● What is being asked
Everything in the records below goes into the copy exactly, except the pictures.
# # # # # # #
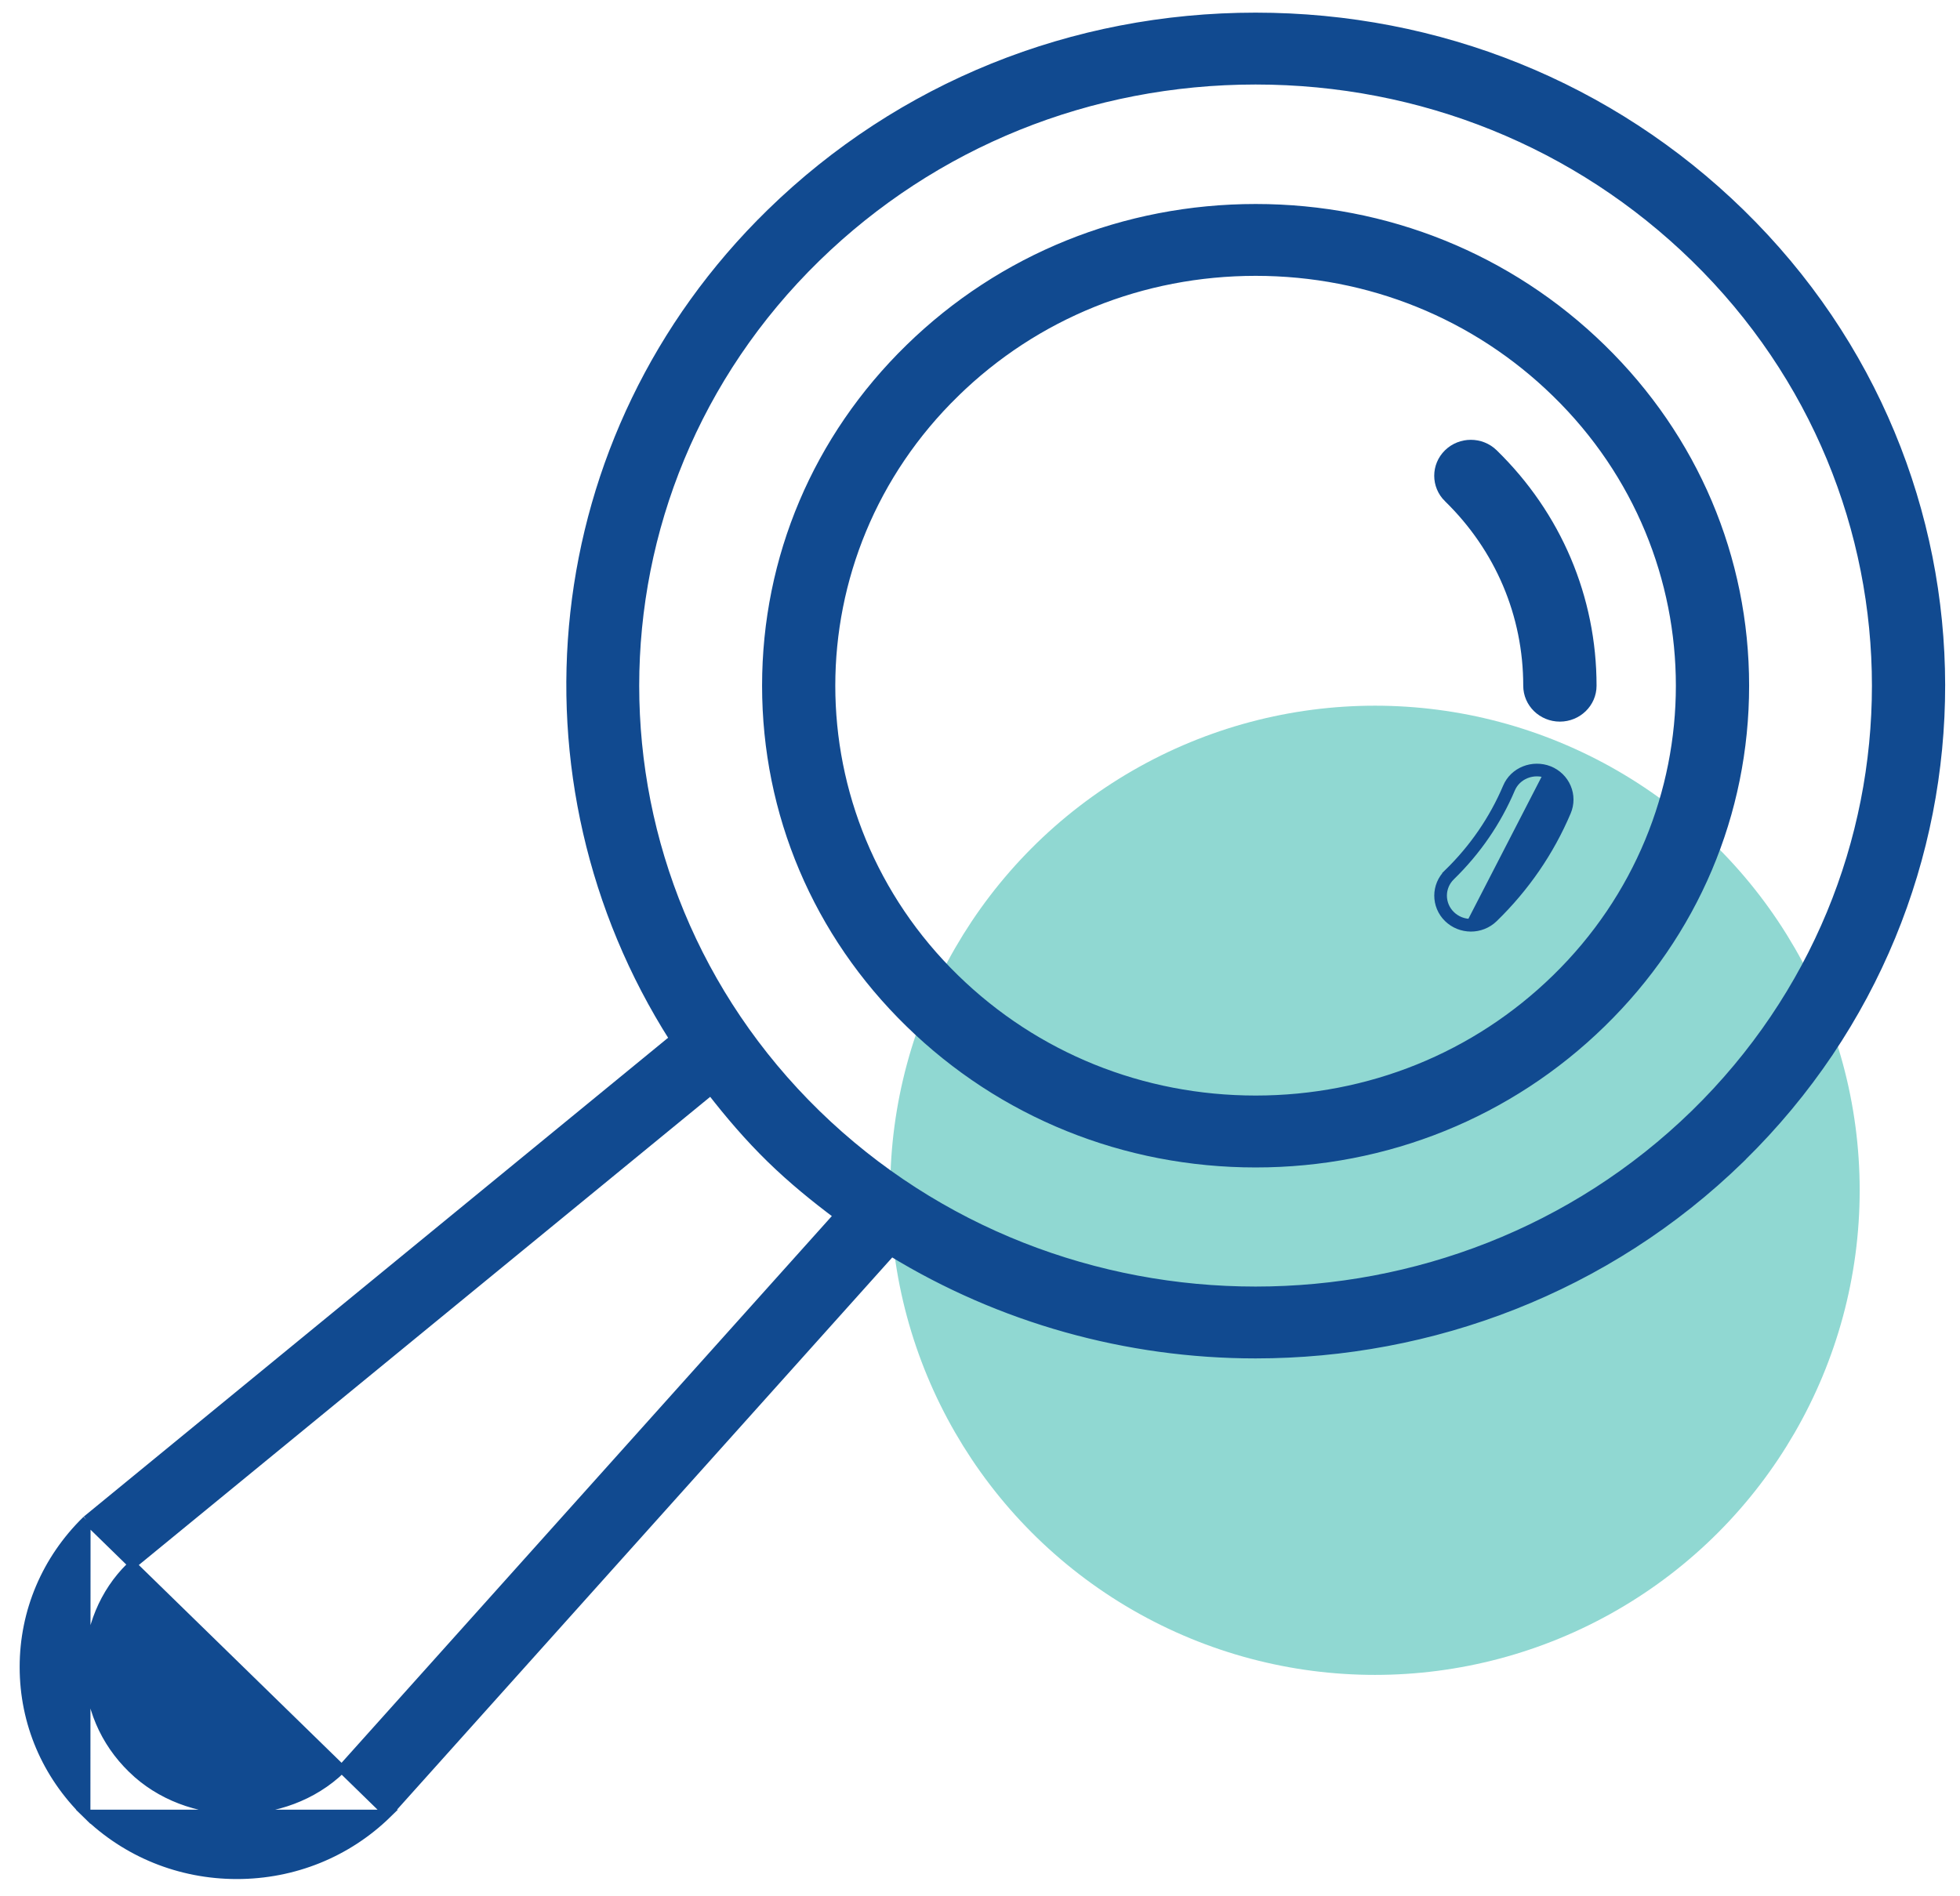 <svg width="93" height="90" viewBox="0 0 93 90" fill="none" xmlns="http://www.w3.org/2000/svg">
<circle cx="65.24" cy="56.493" r="21.5" fill="#90D8D2" stroke="#90D8D2" stroke-width="3"/>
<path d="M4.097 72.14L4.09 72.146C2.185 74.009 1.131 76.485 1.133 79.124M4.097 72.14L4.09 86.089C2.187 84.235 1.133 81.76 1.133 79.124M4.097 72.14L4.103 72.134M4.097 72.14L4.103 72.134M1.133 79.124C1.133 79.124 1.133 79.124 1.133 79.124H1.333L1.133 79.124C1.133 79.124 1.133 79.124 1.133 79.124ZM4.103 72.134L31.964 49.296C24.164 37.05 25.684 20.721 36.569 10.099C42.717 4.101 50.889 0.8 59.576 0.8C68.265 0.8 76.437 4.101 82.582 10.099C95.247 22.456 95.267 42.553 82.642 54.936V54.939L82.582 54.998C76.24 61.181 67.907 64.272 59.576 64.272C53.462 64.272 47.474 62.591 42.297 59.424L18.461 86.01C18.446 86.029 18.432 86.044 18.422 86.055C18.415 86.062 18.41 86.066 18.407 86.07C18.403 86.074 18.4 86.076 18.396 86.081L18.397 86.081M4.103 72.134L18.397 86.081M18.397 86.081L18.388 86.089M18.397 86.081L18.388 86.089M18.388 86.089C16.478 87.954 13.939 88.982 11.238 88.982C8.54 88.982 6.001 87.954 4.091 86.089L18.388 86.089ZM6.265 83.956L6.265 83.957C8.913 86.546 13.527 86.549 16.18 83.994L39.764 57.687C38.659 56.864 37.583 55.986 36.569 54.998C35.522 53.977 34.595 52.888 33.729 51.773L6.17 74.36C4.934 75.575 4.208 77.293 4.208 79.122C4.208 80.951 4.937 82.668 6.265 83.956ZM38.739 12.232C27.26 23.432 27.26 41.66 38.739 52.865C50.228 64.061 68.923 64.061 80.412 52.865C91.891 41.66 91.891 23.432 80.412 12.232C74.847 6.802 67.447 3.811 59.576 3.811C51.707 3.811 44.304 6.802 38.739 12.232Z" fill="#114A90" stroke="#114A90" stroke-width="0.4"/>
<path d="M73.828 46.437L73.828 46.437C81.682 38.777 81.682 26.311 73.828 18.654L73.828 18.654C70.023 14.938 64.965 12.892 59.581 12.892C54.189 12.892 49.129 14.938 45.328 18.651L45.328 18.652C37.47 26.311 37.47 38.777 45.323 46.437L45.323 46.437C49.129 50.151 54.189 52.196 59.581 52.196C64.965 52.196 70.023 50.151 73.828 46.437ZM59.581 9.882C65.783 9.882 71.613 12.24 75.998 16.521C80.379 20.792 82.794 26.483 82.794 32.545C82.794 38.606 80.379 44.299 75.998 48.569C71.613 52.851 65.783 55.209 59.581 55.209C53.369 55.209 47.536 52.851 43.151 48.567C38.772 44.299 36.36 38.606 36.36 32.545C36.36 26.483 38.772 20.792 43.153 16.519C47.536 12.24 53.369 9.882 59.581 9.882Z" fill="#114A90" stroke="#114A90" stroke-width="0.4"/>
<path d="M68.849 41.585L68.709 41.442C69.914 40.267 70.855 38.898 71.504 37.372C71.826 36.597 72.731 36.252 73.508 36.557L73.508 36.557L73.51 36.558C73.886 36.71 74.186 37.002 74.343 37.372C74.5 37.742 74.5 38.157 74.343 38.527C73.54 40.423 72.371 42.121 70.879 43.574C70.579 43.868 70.181 44.014 69.793 44.014L69.793 44.014C69.591 44.013 69.391 43.974 69.204 43.899C69.018 43.823 68.848 43.712 68.704 43.572L68.704 43.572C68.104 42.984 68.104 42.027 68.71 41.441L68.849 41.585ZM68.849 41.585C68.324 42.092 68.324 42.919 68.844 43.429C68.969 43.551 69.117 43.648 69.279 43.714C69.442 43.779 69.617 43.813 69.793 43.813L73.435 36.744C72.752 36.475 71.966 36.782 71.688 37.45C71.028 39.001 70.073 40.391 68.849 41.585ZM68.705 23.648L68.704 23.648C68.102 23.057 68.102 22.101 68.705 21.513C69.305 20.928 70.275 20.928 70.875 21.513C73.892 24.454 75.555 28.374 75.555 32.544C75.555 33.381 74.858 34.049 74.014 34.049C73.171 34.049 72.476 33.381 72.476 32.544C72.476 29.178 71.137 26.02 68.705 23.648Z" fill="#114A90" stroke="#114A90" stroke-width="0.4"/>
</svg>
# # # # # # #
● Exercise solution
 <svg width="93" height="90" viewBox="0 0 93 90" fill="none" xmlns="http://www.w3.org/2000/svg">
<circle cx="65.24" cy="56.493" r="21.5" fill="#90D8D2" stroke="#90D8D2" stroke-width="3"/>
<path d="M4.097 72.14L4.09 72.146C2.185 74.009 1.131 76.485 1.133 79.124M4.097 72.14L4.09 86.089C2.187 84.235 1.133 81.76 1.133 79.124M4.097 72.14L4.103 72.134M4.097 72.14L4.103 72.134M1.133 79.124C1.133 79.124 1.133 79.124 1.133 79.124H1.333L1.133 79.124C1.133 79.124 1.133 79.124 1.133 79.124ZM4.103 72.134L31.964 49.296C24.164 37.05 25.684 20.721 36.569 10.099C42.717 4.101 50.889 0.8 59.576 0.8C68.265 0.8 76.437 4.101 82.582 10.099C95.247 22.456 95.267 42.553 82.642 54.936V54.939L82.582 54.998C76.24 61.181 67.907 64.272 59.576 64.272C53.462 64.272 47.474 62.591 42.297 59.424L18.461 86.01C18.446 86.029 18.432 86.044 18.422 86.055C18.415 86.062 18.41 86.066 18.407 86.07C18.403 86.074 18.4 86.076 18.396 86.081L18.397 86.081M4.103 72.134L18.397 86.081M18.397 86.081L18.388 86.089M18.397 86.081L18.388 86.089M18.388 86.089C16.478 87.954 13.939 88.982 11.238 88.982C8.54 88.982 6.001 87.954 4.091 86.089L18.388 86.089ZM6.265 83.956L6.265 83.957C8.913 86.546 13.527 86.549 16.18 83.994L39.764 57.687C38.659 56.864 37.583 55.986 36.569 54.998C35.522 53.977 34.595 52.888 33.729 51.773L6.17 74.36C4.934 75.575 4.208 77.293 4.208 79.122C4.208 80.951 4.937 82.668 6.265 83.956ZM38.739 12.232C27.26 23.432 27.26 41.66 38.739 52.865C50.228 64.061 68.923 64.061 80.412 52.865C91.891 41.66 91.891 23.432 80.412 12.232C74.847 6.802 67.447 3.811 59.576 3.811C51.707 3.811 44.304 6.802 38.739 12.232Z" fill="#114A90" stroke="#114A90" stroke-width="0.4"/>
<path d="M73.828 46.437L73.828 46.437C81.682 38.777 81.682 26.311 73.828 18.654L73.828 18.654C70.023 14.938 64.965 12.892 59.581 12.892C54.189 12.892 49.129 14.938 45.328 18.651L45.328 18.652C37.47 26.311 37.47 38.777 45.323 46.437L45.323 46.437C49.129 50.151 54.189 52.196 59.581 52.196C64.965 52.196 70.023 50.151 73.828 46.437ZM59.581 9.882C65.783 9.882 71.613 12.24 75.998 16.521C80.379 20.792 82.794 26.483 82.794 32.545C82.794 38.606 80.379 44.299 75.998 48.569C71.613 52.851 65.783 55.209 59.581 55.209C53.369 55.209 47.536 52.851 43.151 48.567C38.772 44.299 36.36 38.606 36.36 32.545C36.36 26.483 38.772 20.792 43.153 16.519C47.536 12.24 53.369 9.882 59.581 9.882Z" fill="#114A90" stroke="#114A90" stroke-width="0.4"/>
<path d="M68.849 41.585L68.709 41.442C69.914 40.267 70.855 38.898 71.504 37.372C71.826 36.597 72.731 36.252 73.508 36.557L73.508 36.557L73.51 36.558C73.886 36.71 74.186 37.002 74.343 37.372C74.5 37.742 74.5 38.157 74.343 38.527C73.54 40.423 72.371 42.121 70.879 43.574C70.579 43.868 70.181 44.014 69.793 44.014L69.793 44.014C69.591 44.013 69.391 43.974 69.204 43.899C69.018 43.823 68.848 43.712 68.704 43.572L68.704 43.572C68.104 42.984 68.104 42.027 68.71 41.441L68.849 41.585ZM68.849 41.585C68.324 42.092 68.324 42.919 68.844 43.429C68.969 43.551 69.117 43.648 69.279 43.714C69.442 43.779 69.617 43.813 69.793 43.813L73.435 36.744C72.752 36.475 71.966 36.782 71.688 37.45C71.028 39.001 70.073 40.391 68.849 41.585ZM68.705 23.648L68.704 23.648C68.102 23.057 68.102 22.101 68.705 21.513C69.305 20.928 70.275 20.928 70.875 21.513C73.892 24.454 75.555 28.374 75.555 32.544C75.555 33.381 74.858 34.049 74.014 34.049C73.171 34.049 72.476 33.381 72.476 32.544C72.476 29.178 71.137 26.02 68.705 23.648Z" fill="#114A90" stroke="#114A90" stroke-width="0.4"/>
</svg>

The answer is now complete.